▸ Material provided:
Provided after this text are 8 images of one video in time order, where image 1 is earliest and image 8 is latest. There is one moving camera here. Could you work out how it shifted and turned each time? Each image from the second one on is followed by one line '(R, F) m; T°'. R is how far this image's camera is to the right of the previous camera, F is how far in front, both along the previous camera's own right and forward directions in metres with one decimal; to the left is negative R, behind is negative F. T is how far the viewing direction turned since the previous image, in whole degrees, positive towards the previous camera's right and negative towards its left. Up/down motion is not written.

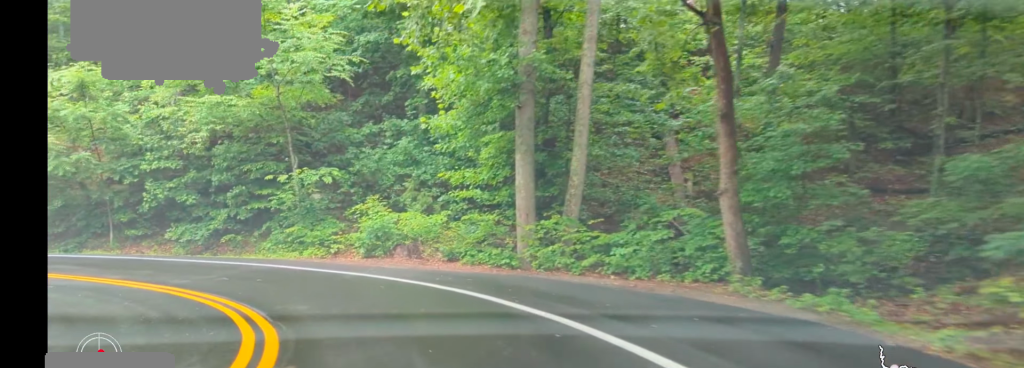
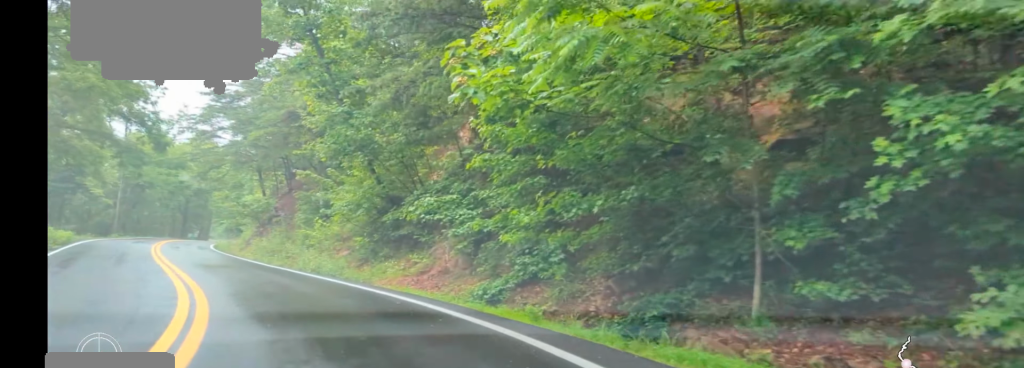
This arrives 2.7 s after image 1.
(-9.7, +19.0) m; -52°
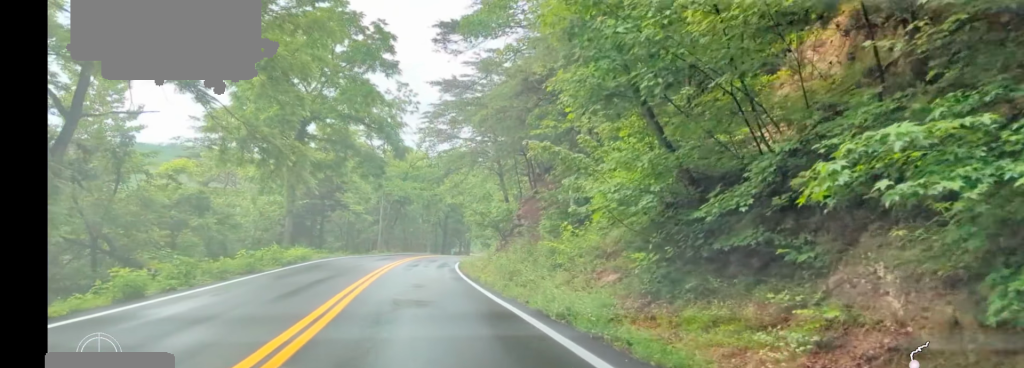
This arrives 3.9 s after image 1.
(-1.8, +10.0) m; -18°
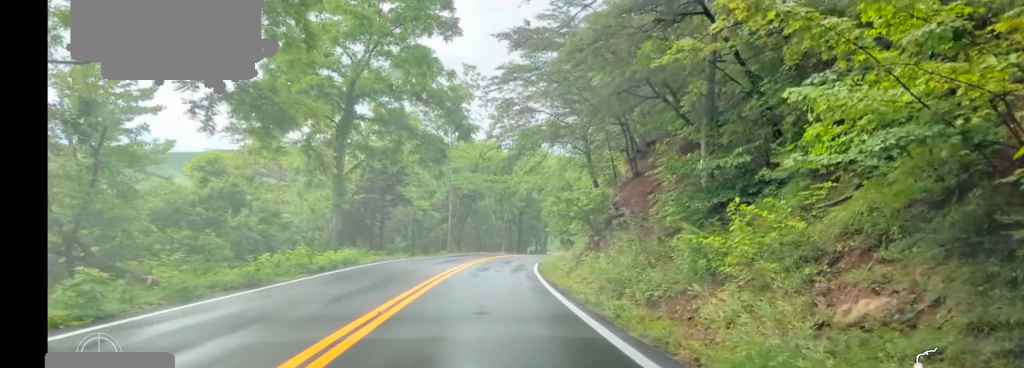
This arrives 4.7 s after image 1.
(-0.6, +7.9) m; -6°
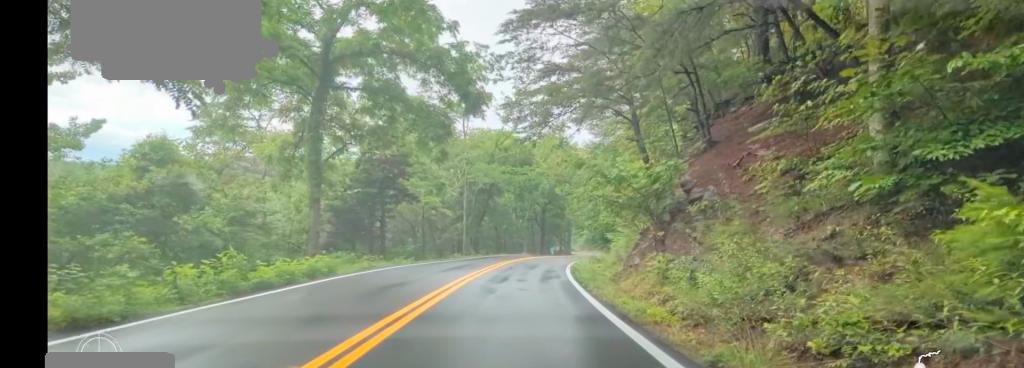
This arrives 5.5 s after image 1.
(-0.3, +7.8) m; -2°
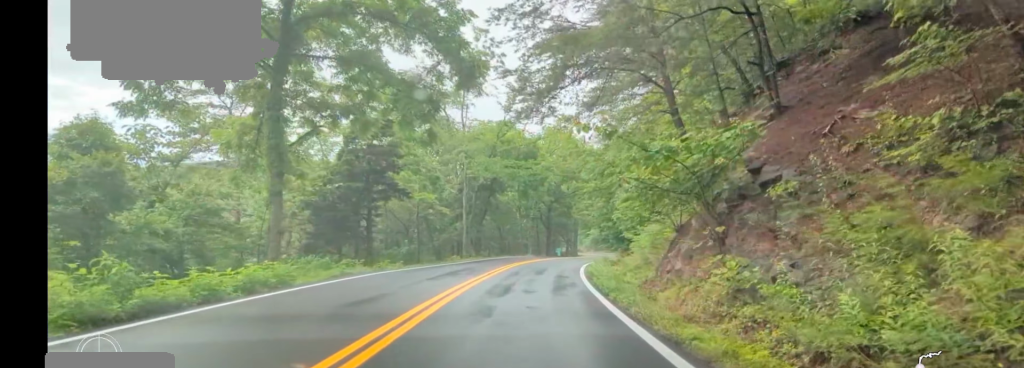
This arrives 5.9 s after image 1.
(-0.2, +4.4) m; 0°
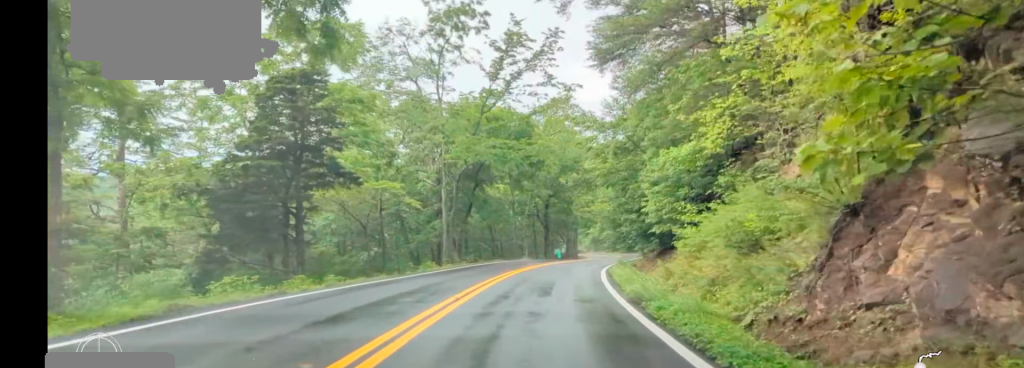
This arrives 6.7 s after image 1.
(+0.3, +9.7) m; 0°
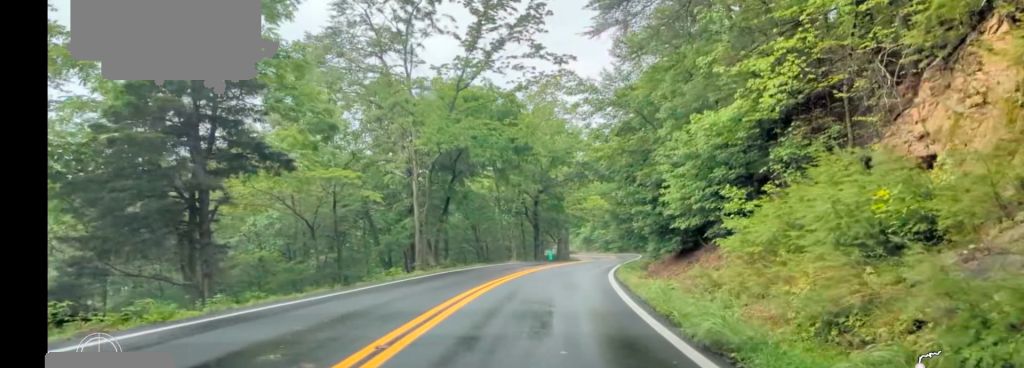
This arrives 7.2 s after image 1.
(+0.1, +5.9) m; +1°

▸ Task directions:
Everything in the preceding material must be transcribed exactly, except the images.

▸ Answer to the exercise:
Provided after this text are 8 images of one video in time order, where image 1 is earliest and image 8 is latest. There is one moving camera here. Could you work out how it shifted and turned each time? Each image from the second one on is followed by one line '(R, F) m; T°'. R is how far this image's camera is to the right of the previous camera, F is how far in front, both along the previous camera's own right and forward directions in metres with one decimal; to the left is negative R, behind is negative F. T is how far the viewing direction turned since the previous image, in whole degrees, positive towards the previous camera's right and negative towards its left. Up/down motion is not written.

This arrives 2.7 s after image 1.
(-9.7, +19.0) m; -52°
This arrives 3.9 s after image 1.
(-1.8, +10.0) m; -18°
This arrives 4.7 s after image 1.
(-0.6, +7.9) m; -6°
This arrives 5.5 s after image 1.
(-0.3, +7.8) m; -2°
This arrives 5.9 s after image 1.
(-0.2, +4.4) m; 0°
This arrives 6.7 s after image 1.
(+0.3, +9.7) m; 0°
This arrives 7.2 s after image 1.
(+0.1, +5.9) m; +1°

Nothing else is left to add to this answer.